Лицо пожилого интеллигента сделалось совсем печальным. Он качал головой, глядя в серое утреннее окно, и видно было, как тяжело у него на душе. Затем Петр Сергеевич вздохнул, словно решившись на что-то, и добавил:

– Ну, шпана-то и раньше была, я и сам, бывало, ходил: фуфайка, тельняшка и финка в валенке.

– У вас же Сибирь тем более, – понимающе кивнул майор Соколов.

Медвеженец глянул на него с горячей благодарностью:

– Да! Но раньше все равно не было грязи такой! Даже если и поножовщина была – всегда мирились потом. Своих резали, чужих кололи. А сейчас? Лежачих бьют, калечат… Вон парнишке одному, соседу, ухо недавно отрезали… Это мыслимо разве? Да и ворье тоже – у нас же каторги рядом, и беглые бывают, и все такое. Только вот сейчас вообще такой сброд пошел… наркоманы одни…

В сетования и жалобы опять вклинился журналист:

– Свежая кровь, значит…

Однако преподаватель лестеха этого даже не заметил, полностью погрузившись в невеселые думы о проблемах родного края.

– Да, но это еще не все! У нас при монастыре жил старец. Все его очень любили, очень мудрый был.

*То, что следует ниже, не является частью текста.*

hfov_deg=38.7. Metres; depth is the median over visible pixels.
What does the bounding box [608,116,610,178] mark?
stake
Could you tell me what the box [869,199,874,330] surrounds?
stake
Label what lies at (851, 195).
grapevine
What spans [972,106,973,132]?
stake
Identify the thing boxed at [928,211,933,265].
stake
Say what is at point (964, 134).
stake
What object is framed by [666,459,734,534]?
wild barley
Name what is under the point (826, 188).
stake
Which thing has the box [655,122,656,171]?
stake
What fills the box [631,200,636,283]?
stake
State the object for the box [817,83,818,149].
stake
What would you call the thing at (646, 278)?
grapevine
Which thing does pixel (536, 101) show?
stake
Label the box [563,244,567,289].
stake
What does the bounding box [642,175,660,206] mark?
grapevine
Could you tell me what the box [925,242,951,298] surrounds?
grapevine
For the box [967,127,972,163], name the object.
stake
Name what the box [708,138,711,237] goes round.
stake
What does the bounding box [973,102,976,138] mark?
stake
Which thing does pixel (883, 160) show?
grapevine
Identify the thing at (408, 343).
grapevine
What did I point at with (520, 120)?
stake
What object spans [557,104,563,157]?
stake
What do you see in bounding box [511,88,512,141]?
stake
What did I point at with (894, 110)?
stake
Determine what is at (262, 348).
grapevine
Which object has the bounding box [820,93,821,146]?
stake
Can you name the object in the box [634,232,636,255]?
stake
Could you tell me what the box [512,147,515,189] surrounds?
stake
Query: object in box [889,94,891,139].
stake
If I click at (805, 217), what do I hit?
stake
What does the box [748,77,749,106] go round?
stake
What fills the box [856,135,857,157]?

– Отец Иона Никишин? Ну, так он игуменом был.

Вот это замечание Петр Сергеевич уже услышал:

– Да-да. Рад, что вы его тоже знаете. Так вот, отошел он недавно, преставился, значит. Андрей Вадимович и предложил пригласить в этот монастырь отца Романа, с Кавказа откуда-то.

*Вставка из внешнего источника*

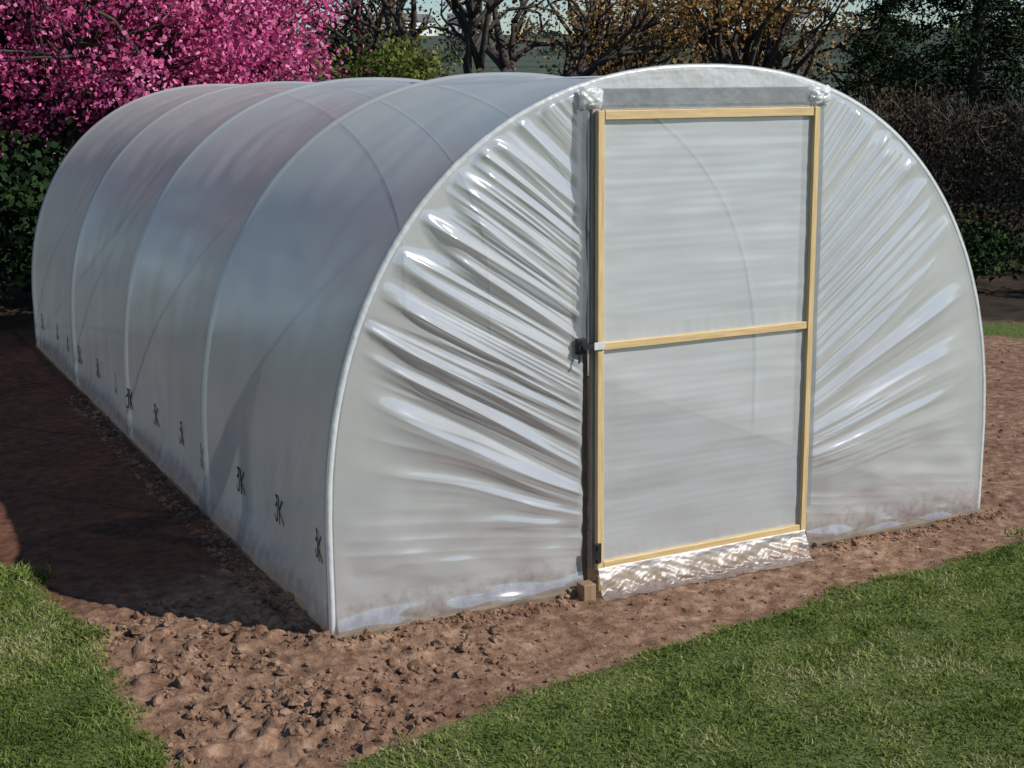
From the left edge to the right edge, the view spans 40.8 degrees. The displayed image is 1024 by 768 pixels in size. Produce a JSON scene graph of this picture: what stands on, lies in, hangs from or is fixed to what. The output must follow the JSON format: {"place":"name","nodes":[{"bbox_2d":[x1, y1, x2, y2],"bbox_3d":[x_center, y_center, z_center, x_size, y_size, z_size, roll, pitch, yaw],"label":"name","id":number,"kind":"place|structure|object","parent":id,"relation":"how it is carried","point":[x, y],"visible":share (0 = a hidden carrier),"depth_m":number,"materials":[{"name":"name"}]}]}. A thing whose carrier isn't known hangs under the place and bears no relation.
{"place":"outdoors","nodes":[
{"label":"outdoors","id":0,"kind":"place"},
{"bbox_2d":[0,27,1023,767],"bbox_3d":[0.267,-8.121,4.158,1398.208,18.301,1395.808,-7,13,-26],"label":"ground","id":1,"kind":"structure","parent":0,"point":[94,525],"depth_m":5.35,"materials":[{"name":"soil"}]},
{"bbox_2d":[0,117,64,313],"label":"evergreen shrub","id":2,"kind":"object","parent":1,"relation":"on","point":[13,182],"visible":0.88,"depth_m":12.48,"materials":[{"name":"green plant"}]},
{"bbox_2d":[0,91,157,292],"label":"evergreen shrub","id":3,"kind":"object","parent":1,"relation":"on","point":[54,145],"visible":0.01,"depth_m":13.56,"materials":[{"name":"green plant"}]},
{"bbox_2d":[0,0,314,282],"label":"crabapple tree","id":4,"kind":"object","parent":1,"relation":"on","point":[58,47],"visible":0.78,"depth_m":14.30,"materials":[{"name":"pink plant"}]},
{"bbox_2d":[1,4,331,146],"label":"bronze leaf tree","id":5,"kind":"object","parent":1,"relation":"on","point":[88,120],"depth_m":17.26,"materials":[{"name":"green plant"}]},
{"bbox_2d":[102,0,374,90],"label":"crabapple tree","id":6,"kind":"object","parent":1,"relation":"on","point":[281,67],"visible":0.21,"depth_m":17.29,"materials":[{"name":"pink plant"}]},
{"bbox_2d":[285,0,449,78],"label":"spreading bare tree","id":7,"kind":"object","parent":1,"relation":"on","point":[358,32],"visible":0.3,"depth_m":27.77,"materials":[{"name":"brown plant"}]},
{"bbox_2d":[290,24,481,81],"bbox_3d":[-2.110,-4.526,24.067,3.752,3.436,2.931,-7,13,-26],"label":"spring leaf tree","id":8,"kind":"object","parent":1,"relation":"on","point":[408,64],"visible":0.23,"depth_m":23.42,"materials":[{"name":"green plant"}]},
{"bbox_2d":[395,21,434,35],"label":"walls","id":9,"kind":"structure","parent":1,"relation":"on","point":[427,30],"depth_m":344.49,"materials":[{"name":"white paint"}]},
{"bbox_2d":[394,13,434,21],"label":"roof","id":10,"kind":"structure","parent":9,"relation":"on","point":[420,17],"depth_m":344.25,"materials":[{"name":"stone"}]},
{"bbox_2d":[272,0,576,81],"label":"spreading bare tree","id":11,"kind":"object","parent":1,"relation":"on","point":[460,12],"visible":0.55,"depth_m":25.06,"materials":[{"name":"brown plant"}]},
{"bbox_2d":[448,21,478,35],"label":"walls","id":12,"kind":"structure","parent":1,"relation":"on","point":[456,28],"depth_m":347.39,"materials":[{"name":"white paint"}]},
{"bbox_2d":[447,13,478,20],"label":"roof","id":13,"kind":"structure","parent":12,"relation":"on","point":[450,14],"depth_m":348.17,"materials":[{"name":"stone"}]},
{"bbox_2d":[305,0,684,80],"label":"spreading bare tree","id":14,"kind":"object","parent":1,"relation":"on","point":[503,59],"visible":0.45,"depth_m":26.73,"materials":[{"name":"brown plant"}]},
{"bbox_2d":[31,64,985,638],"bbox_3d":[-0.814,-0.842,8.811,3.366,2.193,7.339,-7,13,-26],"label":"polytunnel greenhouse","id":15,"kind":"object","parent":1,"relation":"on","point":[331,354],"visible":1,"depth_m":5.79,"materials":[{"name":"white plastic"}]},
{"bbox_2d":[0,523,1023,646],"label":"grass tufts","id":16,"kind":"object","parent":1,"relation":"on","point":[23,573],"visible":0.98,"depth_m":5.85,"materials":[{"name":"green plant"}]},
{"bbox_2d":[65,320,1023,767],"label":"soil clods","id":17,"kind":"object","parent":1,"relation":"on","point":[307,704],"visible":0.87,"depth_m":5.10,"materials":[{"name":"brown soil"}]},
{"bbox_2d":[504,0,742,75],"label":"bronze foliage tree","id":18,"kind":"object","parent":1,"relation":"on","point":[559,18],"visible":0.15,"depth_m":29.75,"materials":[{"name":"brown plant"}]},
{"bbox_2d":[531,0,746,75],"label":"spreading bare tree","id":19,"kind":"object","parent":1,"relation":"on","point":[637,62],"visible":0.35,"depth_m":27.30,"materials":[{"name":"brown plant"}]},
{"bbox_2d":[290,11,1023,130],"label":"distant trees","id":20,"kind":"object","parent":1,"relation":"on","point":[460,53],"visible":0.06,"depth_m":239.53,"materials":[{"name":"green plant"}]},
{"bbox_2d":[377,349,1022,686],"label":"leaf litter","id":21,"kind":"object","parent":1,"relation":"on","point":[740,599],"visible":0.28,"depth_m":5.37,"materials":[{"name":"brown plant"}]},
{"bbox_2d":[571,0,904,76],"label":"bronze foliage tree","id":22,"kind":"object","parent":1,"relation":"on","point":[720,21],"visible":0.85,"depth_m":25.40,"materials":[{"name":"brown plant"}]},
{"bbox_2d":[773,16,808,30],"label":"walls","id":23,"kind":"structure","parent":1,"relation":"on","point":[803,17],"depth_m":343.50,"materials":[{"name":"white paint"}]},
{"bbox_2d":[680,0,914,98],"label":"spreading bare tree","id":24,"kind":"object","parent":1,"relation":"on","point":[778,65],"visible":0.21,"depth_m":30.08,"materials":[{"name":"brown plant"}]},
{"bbox_2d":[825,0,953,183],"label":"fir tree","id":25,"kind":"object","parent":1,"relation":"on","point":[880,52],"visible":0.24,"depth_m":28.99,"materials":[{"name":"green plant"}]},
{"bbox_2d":[843,81,1023,253],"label":"hedge","id":26,"kind":"object","parent":1,"relation":"on","point":[962,149],"visible":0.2,"depth_m":17.11,"materials":[{"name":"brown plant"}]},
{"bbox_2d":[854,71,1016,197],"bbox_3d":[6.432,-4.008,23.320,3.953,2.534,3.528,-7,13,-26],"label":"brown shrub","id":27,"kind":"object","parent":1,"relation":"on","point":[886,92],"visible":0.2,"depth_m":22.96,"materials":[{"name":"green plant"}]},
{"bbox_2d":[862,0,1023,210],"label":"fir tree","id":28,"kind":"object","parent":1,"relation":"on","point":[977,40],"visible":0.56,"depth_m":24.70,"materials":[{"name":"green plant"}]},
{"bbox_2d":[947,193,1021,244],"bbox_3d":[5.484,-1.791,16.579,1.834,1.040,1.615,-7,13,-26],"label":"garden shrub","id":29,"kind":"object","parent":1,"relation":"on","point":[960,217],"visible":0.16,"depth_m":16.37,"materials":[{"name":"green plant"}]},
{"bbox_2d":[957,205,1023,269],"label":"garden shrub","id":30,"kind":"object","parent":1,"relation":"on","point":[986,237],"visible":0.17,"depth_m":15.01,"materials":[{"name":"green plant"}]},
{"bbox_2d":[960,222,1023,286],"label":"garden shrub","id":31,"kind":"object","parent":1,"relation":"on","point":[977,258],"visible":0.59,"depth_m":13.88,"materials":[{"name":"green plant"}]},
{"bbox_2d":[0,321,1023,767],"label":"lawn grass","id":32,"kind":"structure","parent":0,"point":[144,759],"depth_m":4.68,"materials":[{"name":"green plant"}]},
{"bbox_2d":[284,0,1023,35],"label":"sky","id":33,"kind":"structure","parent":0,"point":[428,5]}
]}

– О-о-о! – Брови Ивана Миронова взлетели над очками. Похоже, он был в курсе, о ком речь, но совершенно не ожидал услышать об этом человеке от жителя Медвежьего. – Того самого? Отца Романа?

Сибиряк самодовольно крякнул:

– Ну, раз вижу вашу реакцию, значит, того самого.

– А что за Роман? – спросил Соколов.

– Очень интересная личность, – пояснил журналист, все еще удивляясь услышанному. – Да, про него говорят, что он людей исцеляет. Я сам человек неверующий, но как журналист пообщался бы…

В купе наступила тишина. Каждый из собеседников задумался о чем-то своем.

Через минуту майор встрепенулся, глянул на часы и нарушил молчание самым бытовым образом:

– Ну что, сколько там? Скоро приезжаем. Я, наверное, переоденусь.